Sobre la campaña

Sobre la campaña

Somos parte de una campaña global organizada para luchar contra los abusos del monopolio de Facebook. A esta campaña la impulsa la nueva política de privacidad de la aplicación de Facebook, WhatsApp, que deberá entrar en vigor el 15 de mayo de este año.

Cuando Facebook adquirió WhatsApp en 2014 su Director, Mark Zuckerberg, prometió que los estándares de privacidad de WhatsApp se mantendrían: “No vamos a cambiar en absoluto los planes en torno a WhatsApp y la forma en que utiliza los datos de los usuarios. WhatsApp funcionará de forma completamente autónoma.” Esta promesa se ha roto una y otra vez.

En 2016 Facebook ganó acceso a buena parte de los datos de los usuarios a través de una “actualización” de rutina y le dio a los usuarios tan solo 30 días para aceptar o no. Una gran cantidad de usuarios no estaban al tanto de que podía rechazar estos cambios en ese momento.

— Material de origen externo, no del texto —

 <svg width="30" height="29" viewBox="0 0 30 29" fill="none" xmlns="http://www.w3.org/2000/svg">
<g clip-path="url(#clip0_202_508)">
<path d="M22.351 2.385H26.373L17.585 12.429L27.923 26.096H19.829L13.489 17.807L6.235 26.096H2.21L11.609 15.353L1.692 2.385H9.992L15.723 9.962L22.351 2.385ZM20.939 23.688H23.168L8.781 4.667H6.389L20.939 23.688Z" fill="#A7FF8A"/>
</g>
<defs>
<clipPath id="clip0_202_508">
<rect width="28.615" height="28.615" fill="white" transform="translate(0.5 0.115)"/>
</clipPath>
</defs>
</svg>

Hoy, los aproximadamente mil millones de usuarios que se unieron a WhatsApp después de 2016 no tuvieron ni siquiera esa opción.

Con esta nueva “actualización”, Mark Zuckerberg está rompiendo una vez más la promesa que hizo tanto a los usuarios como a los reguladores, que había aprobado la compra de WhatsApp en su momento. Esta vez no hay opción. Los que no estén de acuerdo perderán sus cuentas. Sin bien es cierto que esta nueva política tiene que ver en particular con la privacidad de las comunicaciones entre empresas e individuos, se ha hecho evidente la dirección a la que van los planes de Facebook con esta aplicación: hacia una creciente repartición de nuestros datos entre anunciantes.

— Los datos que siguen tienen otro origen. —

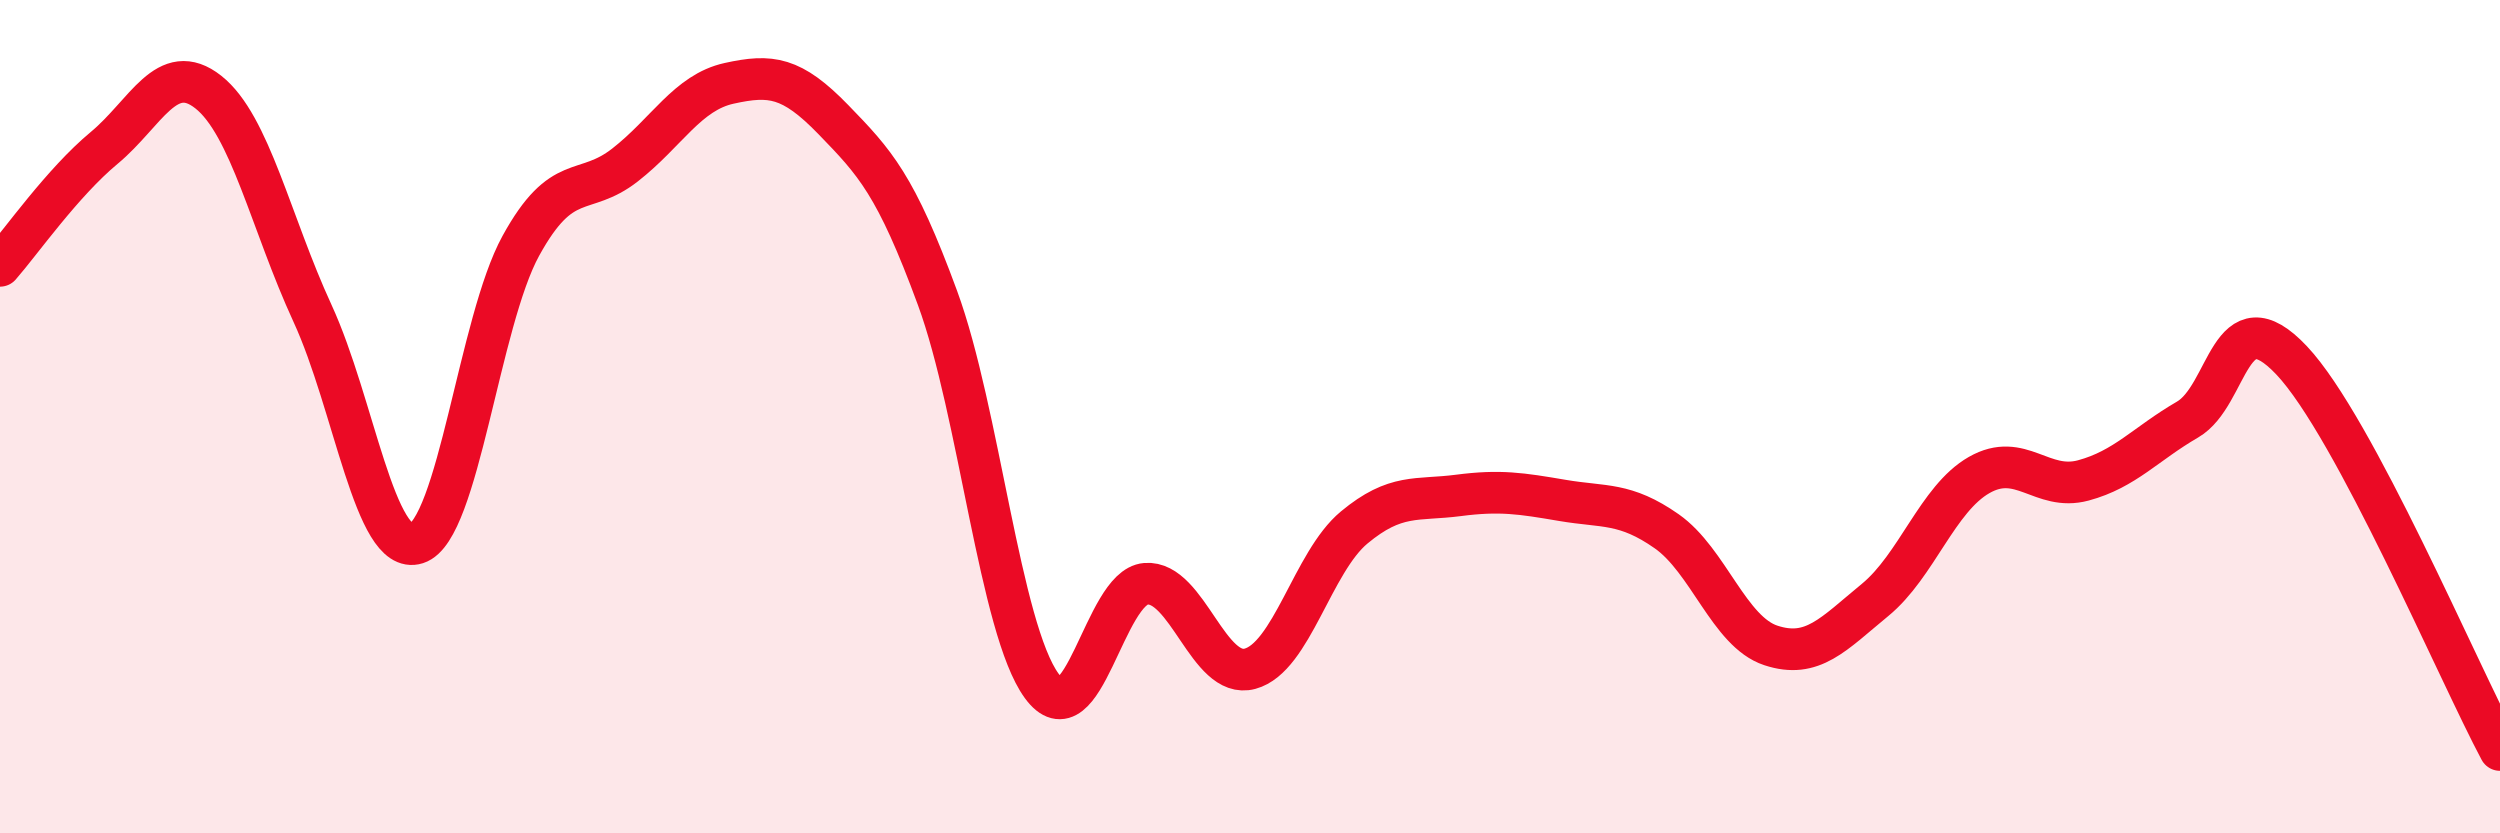 
    <svg width="60" height="20" viewBox="0 0 60 20" xmlns="http://www.w3.org/2000/svg">
      <path
        d="M 0,6.38 C 0.5,5.81 1.5,4.38 2.5,3.55 C 3.5,2.72 4,1.42 5,2.21 C 6,3 6.5,5.35 7.5,7.52 C 8.5,9.69 9,13.36 10,13.04 C 11,12.72 11.5,7.72 12.5,5.9 C 13.5,4.08 14,4.74 15,3.96 C 16,3.18 16.5,2.22 17.5,2 C 18.5,1.78 19,1.84 20,2.87 C 21,3.9 21.5,4.43 22.5,7.15 C 23.5,9.87 24,15.09 25,16.46 C 26,17.83 26.5,14.09 27.5,14.01 C 28.5,13.93 29,16.32 30,16.05 C 31,15.78 31.5,13.49 32.5,12.66 C 33.5,11.83 34,12.02 35,11.89 C 36,11.76 36.5,11.84 37.5,12.01 C 38.5,12.18 39,12.05 40,12.75 C 41,13.45 41.5,15.16 42.5,15.49 C 43.5,15.82 44,15.22 45,14.4 C 46,13.58 46.5,11.97 47.5,11.4 C 48.5,10.83 49,11.8 50,11.53 C 51,11.26 51.5,10.65 52.5,10.07 C 53.5,9.49 53.5,7.06 55,8.65 C 56.5,10.24 59,16.13 60,18L60 20L0 20Z"
        fill="#EB0A25"
        opacity="0.1"
        stroke-linecap="round"
        stroke-linejoin="round"
      />
      <path
        d="M 0,6.38 C 0.5,5.81 1.5,4.38 2.5,3.55 C 3.5,2.72 4,1.42 5,2.21 C 6,3 6.5,5.35 7.5,7.52 C 8.5,9.69 9,13.36 10,13.04 C 11,12.72 11.5,7.72 12.5,5.9 C 13.5,4.08 14,4.74 15,3.96 C 16,3.18 16.5,2.22 17.5,2 C 18.5,1.78 19,1.84 20,2.87 C 21,3.9 21.5,4.43 22.5,7.15 C 23.5,9.87 24,15.09 25,16.46 C 26,17.83 26.5,14.09 27.5,14.01 C 28.5,13.93 29,16.32 30,16.05 C 31,15.78 31.5,13.49 32.5,12.66 C 33.5,11.83 34,12.02 35,11.89 C 36,11.76 36.5,11.84 37.5,12.01 C 38.5,12.18 39,12.05 40,12.75 C 41,13.45 41.5,15.16 42.5,15.49 C 43.5,15.82 44,15.22 45,14.4 C 46,13.58 46.5,11.97 47.5,11.4 C 48.5,10.83 49,11.8 50,11.53 C 51,11.26 51.5,10.65 52.5,10.07 C 53.5,9.49 53.5,7.06 55,8.65 C 56.5,10.24 59,16.13 60,18"
        stroke="#EB0A25"
        stroke-width="1"
        fill="none"
        stroke-linecap="round"
        stroke-linejoin="round"
      />
    </svg>

La historia de WhatsApp también es parte integral de la historia que se está contando sobre uno de los gigantes corporativos más influyentes, Facebook, un gigante que ha estado bajo escrutinio intenso en los últimos años nada menos que por el riesgo que representa a la existencia misma de la democracia. A Facebook se le ha encontrado culpable de sucesivas violaciones a la privacidad de los usuarios con actos como la repartición de datos entre anunciantes, la autorización a terceros para que puedan acceder a la información de los usuarios y también abusos del mercado. La compañía ha sido blanco de particular escrutinio desde el escándalo de Cambridge Analytica en 2018. Un escrutinio que no debe detenerse.

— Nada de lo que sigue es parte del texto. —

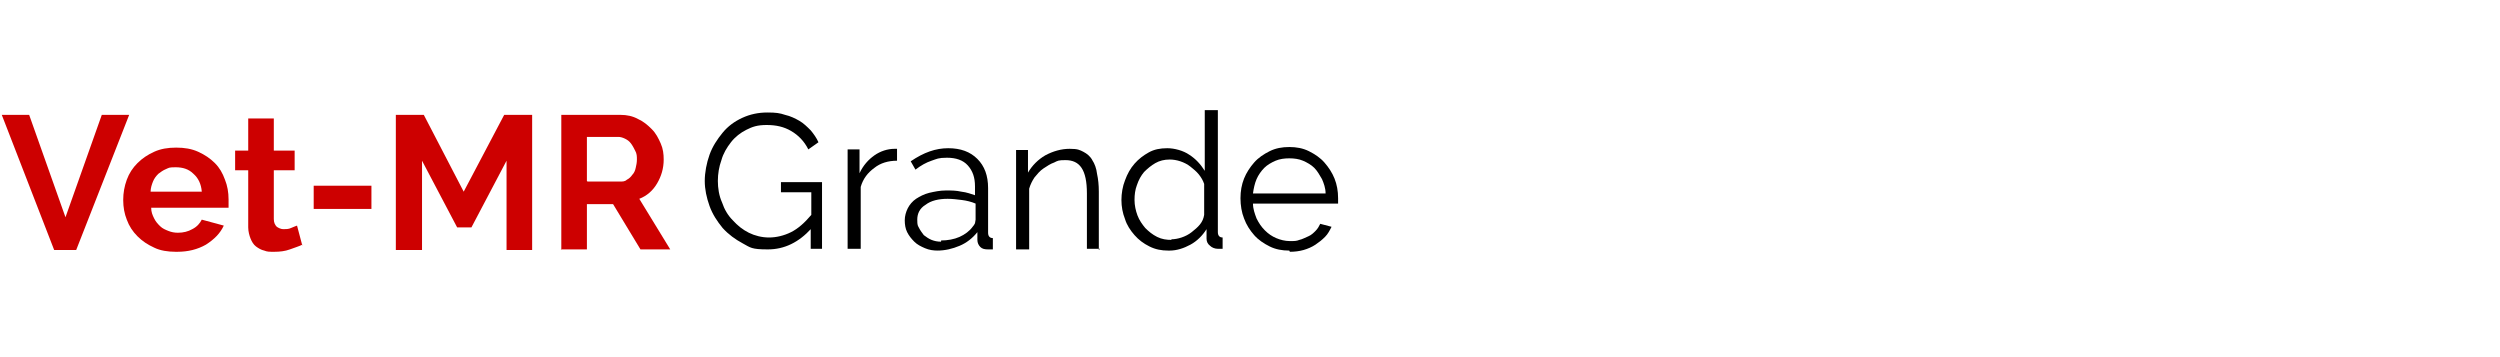 <?xml version="1.0" encoding="UTF-8"?>
<svg xmlns="http://www.w3.org/2000/svg" id="Livello_1" data-name="Livello 1" version="1.1" viewBox="0 0 420 60">
  <defs>
    <style>
      .cls-1 {
        fill: none;
      }

      .cls-1, .cls-2, .cls-3 {
        stroke-width: 0px;
      }

      .cls-2 {
        fill: #cd0000;
      }

      .cls-3 {
        fill: #000;
      }

      .cls-4 {
        isolation: isolate;
      }
    </style>
  </defs>
  <rect class="cls-1" x=".2" y="18.6" width="163.4" height="24.2"></rect>
  <g class="cls-4">
    <path class="cls-2" d="M4.9,19.3l6.1,17.2,6.1-17.2h4.6l-8.9,22.7h-3.7L.3,19.3h4.6Z"></path>
    <path class="cls-2" d="M29.5,42.3c-1.3,0-2.6-.2-3.6-.7-1.1-.5-2-1.1-2.8-1.9-.8-.8-1.4-1.7-1.8-2.8-.4-1-.6-2.1-.6-3.3s.2-2.3.6-3.4,1-2,1.8-2.8,1.7-1.4,2.8-1.9c1.1-.5,2.3-.7,3.7-.7s2.6.2,3.7.7c1.1.5,2,1.1,2.8,1.9s1.3,1.7,1.7,2.8c.4,1,.6,2.1.6,3.3s0,.5,0,.8c0,.3,0,.5,0,.6h-13c0,.7.2,1.2.5,1.8s.6.9,1,1.3c.4.4.9.6,1.4.8.5.2,1,.3,1.6.3.9,0,1.7-.2,2.4-.6.8-.4,1.3-1,1.6-1.6l3.7,1c-.6,1.3-1.6,2.3-3,3.2-1.4.8-3,1.2-4.8,1.2ZM33.9,32.2c-.1-1.3-.6-2.3-1.4-3-.8-.8-1.8-1.1-3-1.1s-1.1.1-1.6.3c-.5.2-.9.5-1.3.8-.4.4-.7.8-.9,1.3-.2.5-.4,1.1-.4,1.7h8.7Z"></path>
    <path class="cls-2" d="M50.8,41.1c-.6.3-1.3.5-2.1.8s-1.7.4-2.6.4-1.2,0-1.7-.2c-.5-.1-1-.4-1.4-.7-.4-.3-.7-.8-.9-1.3-.2-.5-.4-1.2-.4-1.9v-9.6h-2.2v-3.3h2.2v-5.4h4.3v5.4h3.5v3.3h-3.5v8.2c0,.6.2,1,.5,1.3.3.2.7.4,1.1.4s.9,0,1.3-.2.8-.3,1-.4l.9,3.4Z"></path>
    <path class="cls-2" d="M52.7,35.1v-3.9h9.7v3.9h-9.7Z"></path>
    <path class="cls-2" d="M85.1,42v-15l-5.9,11.2h-2.4l-5.9-11.2v15h-4.4v-22.7h4.7l6.7,12.9,6.8-12.9h4.7v22.7h-4.4Z"></path>
    <path class="cls-2" d="M94.3,42v-22.7h10c1,0,2,.2,2.9.7.9.4,1.6,1,2.3,1.7s1.1,1.5,1.5,2.4c.4.9.5,1.8.5,2.7,0,1.5-.4,2.8-1.1,4-.7,1.2-1.7,2.1-3,2.6l5.2,8.5h-5l-4.6-7.6h-4.4v7.6h-4.4ZM98.7,30.5h5.5c.4,0,.8,0,1.1-.3.4-.2.7-.5.9-.8.3-.3.5-.7.6-1.2.1-.4.2-.9.2-1.4s0-1-.3-1.5c-.2-.4-.4-.8-.7-1.2s-.6-.6-1-.8c-.4-.2-.8-.3-1.1-.3h-5.3v7.4Z"></path>
  </g>
  <rect class="cls-1" x="117.1" y="18.4" width="137" height="55.6"></rect>
  <g class="cls-4">
    <path class="cls-3" d="M136.3,38.4c-2.1,2.3-4.5,3.5-7.3,3.5s-2.9-.3-4.2-1c-1.3-.7-2.4-1.5-3.4-2.6-.9-1.1-1.7-2.3-2.2-3.7-.5-1.4-.8-2.8-.8-4.2s.3-3,.8-4.4c.5-1.4,1.3-2.6,2.2-3.7.9-1.1,2-1.9,3.3-2.5,1.3-.6,2.7-.9,4.2-.9s2.1.1,3,.4c.9.2,1.7.6,2.4,1,.7.4,1.3,1,1.9,1.6.5.6,1,1.3,1.3,2l-1.7,1.2c-.7-1.4-1.7-2.4-2.9-3.1-1.2-.7-2.5-1-4.1-1s-2.4.3-3.4.8c-1,.5-1.9,1.2-2.6,2.1-.7.9-1.3,1.9-1.6,3-.4,1.1-.6,2.3-.6,3.5s.2,2.5.7,3.6c.4,1.2,1,2.2,1.8,3,.8.9,1.7,1.6,2.7,2.1,1,.5,2.2.8,3.4.8s2.5-.3,3.7-.9c1.2-.6,2.3-1.6,3.4-2.9v-3.8h-5.1v-1.7h6.9v11.2h-1.9v-3.3Z"></path>
    <path class="cls-3" d="M150.7,27c-1.5,0-2.8.4-3.8,1.2-1.1.8-1.9,1.8-2.3,3.2v10.4h-2.2v-16.7h2v4c.6-1.3,1.5-2.3,2.5-3,1-.7,2.2-1.1,3.4-1.1s.3,0,.4,0v2Z"></path>
    <path class="cls-3" d="M157.6,42.1c-.8,0-1.5-.1-2.2-.4s-1.3-.6-1.8-1.1c-.5-.5-.9-1-1.2-1.6-.3-.6-.4-1.3-.4-2s.2-1.4.5-2c.3-.6.8-1.2,1.4-1.6.6-.4,1.4-.8,2.2-1,.9-.2,1.8-.4,2.8-.4s1.7,0,2.6.2c.9.1,1.7.4,2.3.6v-1.5c0-1.5-.4-2.6-1.2-3.5s-2-1.3-3.5-1.3-1.7.2-2.6.5c-.9.3-1.8.8-2.7,1.5l-.8-1.4c2.2-1.5,4.2-2.2,6.3-2.2s3.7.6,4.9,1.8c1.2,1.2,1.8,2.8,1.8,4.9v7.5c0,.6.3.9.8.9v1.9c-.4,0-.6,0-.8,0-.6,0-1-.1-1.3-.4-.3-.3-.5-.7-.5-1.2v-1.3c-.8,1-1.8,1.8-3,2.3-1.2.5-2.4.8-3.8.8ZM158.1,40.4c1.1,0,2.2-.2,3.1-.6.9-.4,1.7-1,2.2-1.7.2-.2.3-.4.4-.6,0-.2.1-.4.1-.6v-2.7c-.7-.3-1.5-.5-2.3-.6-.8-.1-1.6-.2-2.4-.2-1.5,0-2.8.3-3.7,1-1,.6-1.4,1.5-1.4,2.5s.1,1,.3,1.4c.2.4.5.8.8,1.2.4.3.8.6,1.3.8.5.2,1,.3,1.6.3Z"></path>
    <path class="cls-3" d="M184.8,41.8h-2.2v-9.3c0-2-.3-3.4-.9-4.3-.6-.9-1.5-1.3-2.7-1.3s-1.3.1-1.9.4c-.6.2-1.2.6-1.8,1s-1,.9-1.5,1.5c-.4.6-.7,1.2-.9,1.9v10.2h-2.2v-16.7h2v3.8c.7-1.2,1.7-2.2,2.9-2.9,1.3-.7,2.7-1.1,4.1-1.1s1.7.2,2.3.5c.6.3,1.2.8,1.5,1.4.4.6.7,1.4.8,2.3.2.9.3,1.9.3,3v9.8Z"></path>
    <path class="cls-3" d="M196.3,42.1c-1.2,0-2.2-.2-3.2-.7-1-.5-1.8-1.1-2.5-1.9s-1.3-1.7-1.6-2.7c-.4-1-.6-2.1-.6-3.2s.2-2.3.6-3.3c.4-1.1.9-2,1.6-2.8.7-.8,1.5-1.4,2.4-1.9.9-.5,1.9-.7,3.1-.7s2.7.4,3.7,1.1c1.1.7,1.9,1.6,2.6,2.7v-10.2h2.2v20.5c0,.6.3.9.8.9v1.9c-.3,0-.6,0-.8,0-.5,0-1-.2-1.3-.5-.4-.3-.6-.7-.6-1.2v-1.6c-.7,1.1-1.6,2-2.7,2.6-1.1.6-2.3,1-3.5,1ZM196.8,40.2c.5,0,1.1-.1,1.7-.3.6-.2,1.2-.5,1.7-.9s1-.8,1.4-1.3c.4-.5.6-1,.7-1.6v-5.2c-.2-.6-.5-1.1-.9-1.6-.4-.5-.9-.9-1.4-1.3-.5-.4-1.1-.7-1.7-.9-.6-.2-1.2-.3-1.8-.3-.9,0-1.7.2-2.4.6s-1.3.9-1.9,1.5c-.5.6-.9,1.3-1.2,2.2-.3.8-.4,1.6-.4,2.5s.2,1.8.5,2.6.8,1.5,1.3,2.1c.6.6,1.2,1.1,2,1.5.8.4,1.6.5,2.4.5Z"></path>
    <path class="cls-3" d="M216.6,42.1c-1.2,0-2.3-.2-3.3-.7-1-.5-1.9-1.1-2.6-1.9-.7-.8-1.3-1.7-1.7-2.8-.4-1-.6-2.2-.6-3.4s.2-2.3.6-3.3c.4-1,1-1.9,1.7-2.7.7-.8,1.6-1.4,2.6-1.9,1-.5,2.1-.7,3.3-.7s2.3.2,3.3.7c1,.5,1.9,1.1,2.6,1.9.7.8,1.3,1.7,1.7,2.7.4,1,.6,2.1.6,3.3v.5c0,.2,0,.3,0,.4h-14.3c0,.9.3,1.7.6,2.5.4.8.8,1.4,1.4,2s1.2,1,1.9,1.3,1.5.5,2.3.5,1.1,0,1.6-.2c.5-.1,1-.4,1.5-.6s.9-.6,1.2-.9c.4-.4.6-.8.8-1.2l1.9.5c-.3.6-.6,1.2-1.1,1.7-.5.5-1,.9-1.6,1.3s-1.3.7-2,.9c-.7.2-1.5.3-2.3.3ZM222.7,32.5c0-.9-.3-1.7-.6-2.4-.4-.7-.8-1.4-1.3-1.9-.5-.5-1.2-.9-1.9-1.2-.7-.3-1.5-.4-2.3-.4s-1.6.1-2.3.4c-.7.3-1.4.7-1.9,1.2-.5.5-1,1.2-1.3,1.9-.3.7-.5,1.6-.6,2.4h12.3Z"></path>
  </g>
</svg>

Facebook está probando una vez más que no perderá oportunidad alguna de abusar de su posición y su monopolio para extraer tantos de nuestros datos como sea posible, pues cuenta con el hecho de que muy pronto no tendremos ya adónde ir para comunicarnos más allá de su dominio. No hay mejor ilustración de por qué los reguladores deben aprovechar este momento para tomar acción.